The Yamaha FZ8 and FAZER8, also known as the FZ8N and FZ8S, are motorcycles produced since 2010 by Yamaha Motor Corporation for sale in the United States, Europe, Canada, Australia and New Zealand.
The FZ8 is a naked bike, while the virtually identical FAZER8 features a half fairing and ABS.
The FZ8 and FAZER8 replace the smaller capacity FZ6 and FZ6 FAZER, although As of July 2010 these continue to be sold in other markets.

Both motorcycles have a 779 cc inline-four engine, derived from the 998 cc FZ1 engine, but with a bore reduced from 77 to 68 mm, and the same stroke of 53.6 mm. Other differences from the FZ1 engine include a lighter crankshaft, smaller valves and revised camshaft profiles. The aluminium frame and swingarm are also taken from the FZ1.

The FZ8 has been discontinued in the United States after 2013.

Some UK reviewers have criticised the bikes for being expensive compared with rivals such as the Triumph Street Triple and Kawasaki Z750. Motorcycle Consumer News tested the 2011 FZ8's wet weight at 468 lbs, with an engine output of 89.47 hp and 51.19 lbft torque at the rear wheel. They found an average fuel economy of 44.1 mpgus and a top speed of 137.4 mph. The bike showed an acceleration of 0 to 60 mph in 3.51 seconds and 0 to 1/4 mi in 11.55 seconds at 115.71 mph.
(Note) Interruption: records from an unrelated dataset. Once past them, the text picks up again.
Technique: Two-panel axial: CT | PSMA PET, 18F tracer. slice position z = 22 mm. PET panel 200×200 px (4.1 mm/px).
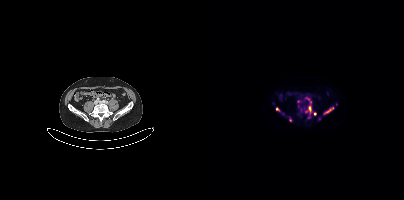
Findings: Coordinates are on the 200×200 PET (right) panel. (showing 8 of 9 foci) PSMA-avid tumor lesion bounding boxes (x, y, width, height): x=101 y=97 w=7 h=19 / x=120 y=107 w=10 h=7. Small PSMA-avid foci (2 to 4 px across) near (center x, center y): (73, 109) / (115, 118) / (86, 120) / (94, 101) / (79, 113) / (111, 113).
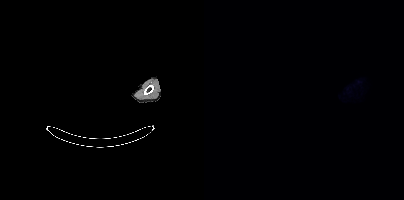
Findings: No PSMA-avid tumor lesions on this slice.
- Paired axial CT (left) and PSMA PET (right), 18F tracer
- the face region was removed for patient privacy by blanking a rectangle over the head

Motorcycle Consumer News tested the braking at 60 to 0 mph in 113.9 ft.

Cycle World reported a wet weight of 473 lb and an average fuel economy of 42 mpgus, and 60 to 0 mph braking in 137 ft. They saw acceleration of 0 to 60 mph in 3.3 seconds and 0 to 1/4 mi in 11.31 seconds at 119.70 mph, and measured the FZ8's top speed at 140 mph. They dynamometer tested the rear wheel horsepower at 91.6 hp @ 9,900 rpm and torque at 52.4 ftlb @ 8,100 rpm.

In 2013 the front suspension became adjustable.